# Non-producing Ice Maker



## henfeather (Jun 15, 2006)

We installed a new Kenmore fridge (freezer on top) at our cabin a little over a year ago.  We leave the ice maker arm in the 'up' position unless we're in residence, which is 8 - 10 weekends annually.  We also turn off the water supply to the cabin.  On the last visit, we discovered that the ice maker was not producing.  The only things I thought to do was 1) ensure that the copper tubing between the wall and appliance wasn't crimped, and 2) to check for ice that may have clogged the mechanism thereby halting the entire process.  There's no evidence of water pooled in bottm of the fridge, and none on the floor.  It would irk me no end to give up a day fishing in order to hang around waiting for a repair person, so . . . . Does anyone have troubleshooting recommendations?  Thanks!


----------



## jeff1 (Jun 15, 2006)

Hi,

Kenmore is made by several different companies....

http://www.applianceaid.com/model.html
http://www.applianceaid.com/searscodes.html



> On the last visit, we discovered that the ice maker was not producing



Sitting there dead, going through the motions but not filling with water, stuck 1/2 way through a harvest?



> We leave the ice maker arm in the 'up' position unless we're in residence, which is 8 - 10 weekends annually. We also turn off the water supply to the cabin.



Maybe the fill tub is frozen up from sitting?
http://www.applianceaid.com/icemaker.html#water

jeff.


----------



## Square Eye (Jun 15, 2006)

I had an ice maker that stopped producing. I removed it and let it thaw.

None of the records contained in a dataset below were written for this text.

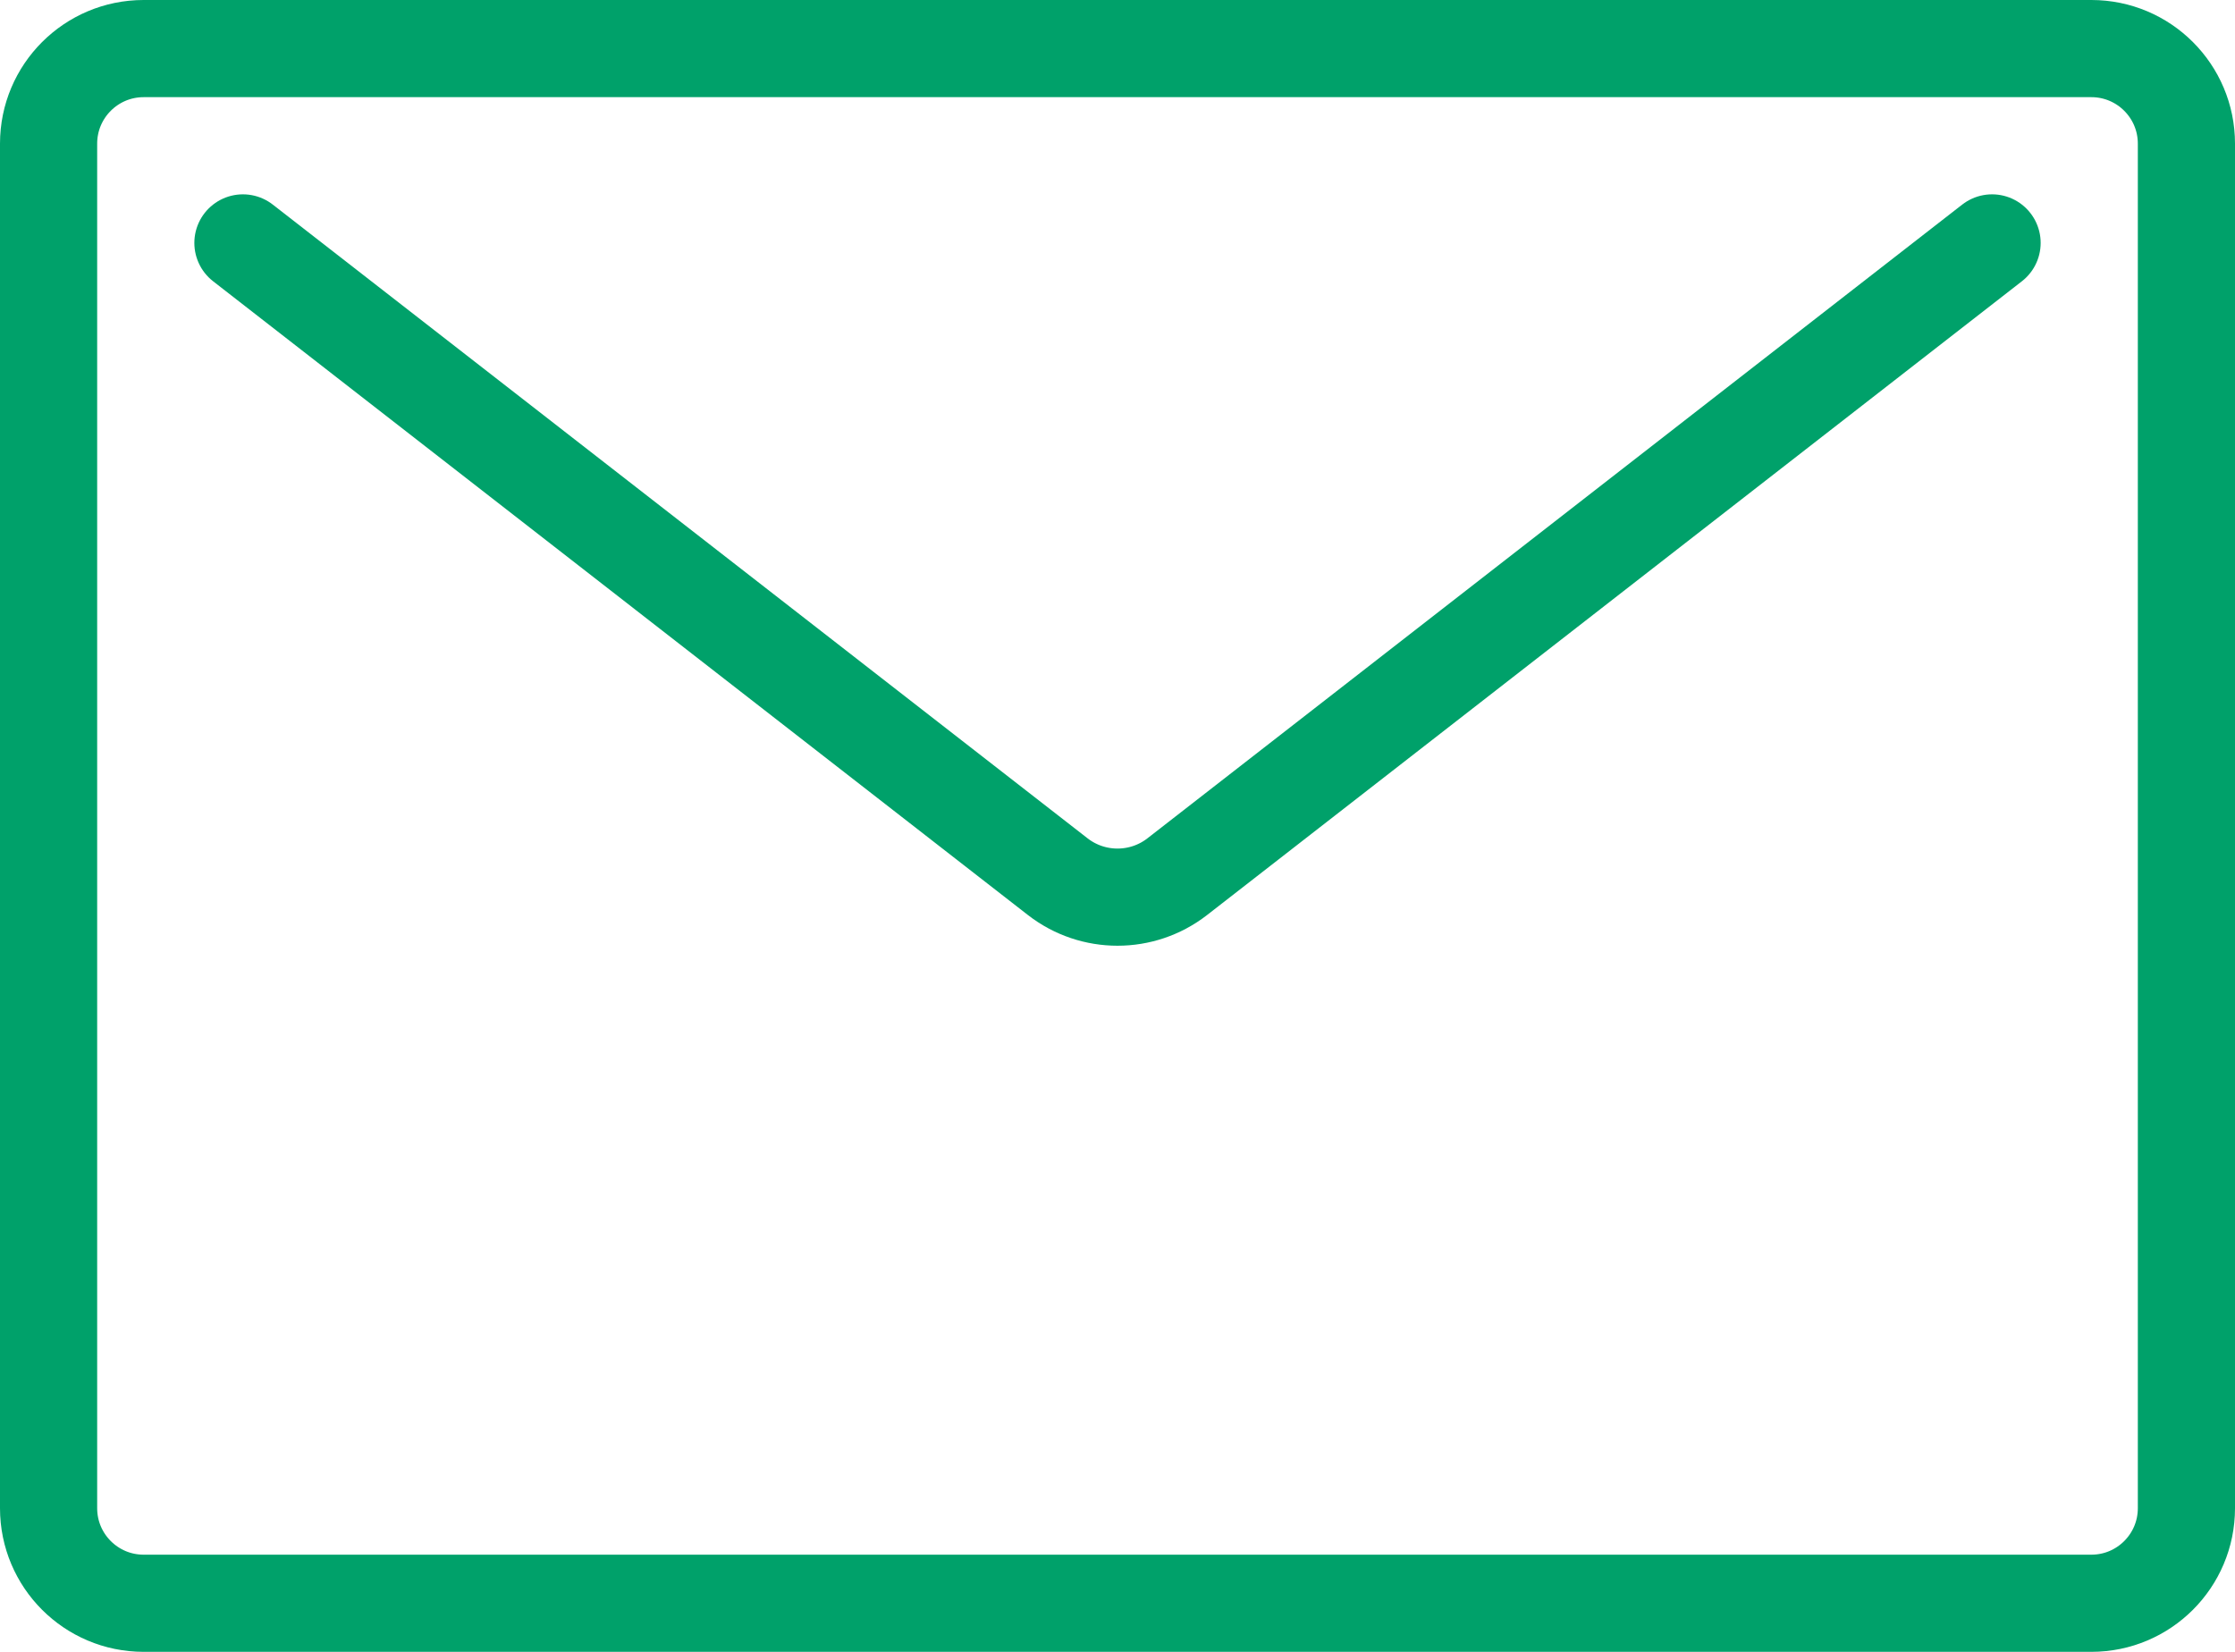 <?xml version="1.0" encoding="UTF-8"?>
<svg width="23px" height="17px" viewBox="0 0 23 17" version="1.1" xmlns="http://www.w3.org/2000/svg" xmlns:xlink="http://www.w3.org/1999/xlink">
    <title>icon_email</title>
    <g id="icon_email" stroke="none" stroke-width="1" fill="none" fill-rule="evenodd" stroke-linecap="round" stroke-linejoin="round">
        <g id="Group-5" stroke="#00A16A">
            <path d="M21.522,16.5 L1.478,16.5 C0.938,16.5 0.5,16.062 0.5,15.522 L0.5,1.478 C0.5,0.938 0.938,0.5 1.478,0.5 L21.522,0.5 C22.062,0.5 22.5,0.938 22.5,1.478 L22.5,15.522 C22.5,16.062 22.062,16.5 21.522,16.5 Z" id="Stroke-1"></path>
            <path d="M20.5,2.5 L12.114,9.023 C11.753,9.303 11.247,9.303 10.886,9.023 L2.5,2.5" id="Stroke-3"></path>
        </g>
    </g>
</svg>

Re-installed, it worked for 3 or 4 more months before I had to remove it again and thaw. 

What causes them to freeze like that? The icemaker in my new fridge doesn't ever freeze up.


----------



## inspectorD (Jun 15, 2006)

Sometimes you need to clean and vacumn those suckers.  I have also seen where the fan is spinning but not really doing it's job.

Or Square Eye wants his beer tooooo cold. 
( I know...no such thing)


----------



## jeff1 (Jun 16, 2006)

Square Eye said:
			
		

> I had an ice maker that stopped producing. I removed it and let it thaw.
> 
> Re-installed, it worked for 3 or 4 more months before I had to remove it again and thaw.
> 
> What causes them to freeze like that? The icemaker in my new fridge doesn't ever freeze up.



G'day,

Calcium built up on the icemakers body mold is fairly common for allowing the cubes to get stuck, over filling with water, under filling and a too small cube may fall backwards and get jammed.

If the fill spout intermittantly gets frozen, poor or slow fills can cause that or a fill valve weeping in some water all of the time.

jeff.


----------



## jimrayb (Oct 19, 2008)

My icemaker will not automatically stop making ice now also the ice it produces has a funny smell to it almost like garlic or similar.


----------



## NOVA Pros (Oct 20, 2008)

I have had a similar experience with the ice smelling like garlic or such.  The rest of the freezer smells fine, the ice smells and taste a little odd.

I would be curious to know what that might be caused from.

Any ideas???

Allison


----------



## SublimeMasterJW (Jan 25, 2009)

The easiest way is to just put some water in the ice mold and see if it kicks a batch out. If it does but don't kick anymore out then water valve issues. If it don't then you need to maybe replace the ice mold thermostat which is easy as pie.


----------